Fourth, Schaffner held that the entire panoply of agency regulatory decisions – not just the broad, vague provision of the FIFRA statute’s “misbranding” provision – apply in the determination of what is expressly preempted. As was unsuccessfully attempted in Schaffner, prescription medical product plaintiffs often try to use the FDCA’s equally broad and vague misbranding or adulteration provisions, standing alone, to avoid preemption. Schaffner said no.
If [federal] regulations specifically identify the contents required to be included on a pesticide label, a state-law requirement is preempted unless it is equivalent to that specific regulatory requirement. The state-law duty cannot survive preemption simply because its standard of liability is equivalent to the broad statutory definition of misbranding.
2024 WL 3820973, at *15. Where agency regulations and approvals have “give[n] content to [statutory] misbranding standards,” then “any equivalence between the state-law duty and the statutory definition of misbranding does not prevent the preemption of state law.” Id.

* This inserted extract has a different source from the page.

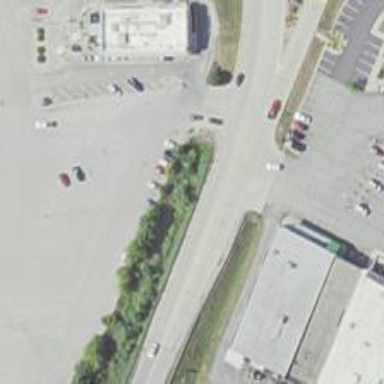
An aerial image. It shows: Secondary road with separate sidewalk.
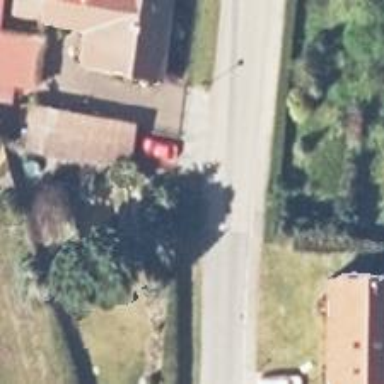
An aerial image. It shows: Asphalt road in residential area.

Fifth, in PMA preemption cases, one of the pitched battles that plaintiffs and defendants fight in almost every case, is whether claimed violations of non-specific FDA manufacturing practice regulations, that could be read to require different things in different cases, are sufficient to state parallel claims. The same problem arose in the FIFRA context in Schaffner, and the Third Circuit resolved it in favor of preempting non-specific violation claims. “If state-law duties to warn can survive preemption so long as they are equivalent to . . . broad” enactments, then “[s]tate-law duties framed in these vague and broad terms would produce considerable heterogeneity.” Id. at 17. Preemption is necessary because “different factfinders deciding different individual cases might reasonably disagree about whether a particular warning was necessary to protect health.” Id. That’s exactly the problem posed by purported FDCA parallel violation claims predicated on vague FDA CGMPs. Now, in the closely analogous FIFRA context, Schaffner has resolved the same issue in favor of allowing only specific violation claims to escape preemption. The claim in Schaffner was “preempted because of the specific requirement imposed through” the product’s approval process, “which prohibits the modification of [the] Label without further [regulatory] approval.” Id. at *19.
Sixth, and finally, Schaffner held that “force of law” was not a prerequisite to express preemption. 2024 WL 3820973, at *20. That requirement originated in Wyeth v. Levine, 555 U.S. 555 (2009). But Levine “did not interpret a statutory provision that expressly preempted state law” – only “the distinct doctrine of implied preemption.” 2024 WL 3820973, at *20. Where Congress has imposed preemption expressly, the preemption provision itself supplies the requisite preemptive effect:
[W]hen Congress has expressly authorized the preemption of state law by statute, the meaning of the express-preemption provision triggers preemption. [A court’s] role when confronted with an express-preemption provision is to apply the text that embodies Congress’s decision. . . . [A]s Congress has decreed in the text of that provision that federal “requirements” have preemptive force, no further analysis is necessary.
Id. (citations and quotation marks omitted).
Just as the aviation preemption decision in Sikkelee v. Precision Airmotive Corp., 907 F.3d 701, 707 (3d Cir. 2018), disposed of the contention that Pennsylvania law allowed product liability claims based on failure to report adverse events to a federal agency, these six points in Schaffner should, by analogy, control in express preemption cases involving FDA-regulated medical devices and over-the-counter drugs. Defense counsel practicing in Third Circuit district courts should definitely study the Schaffner decision.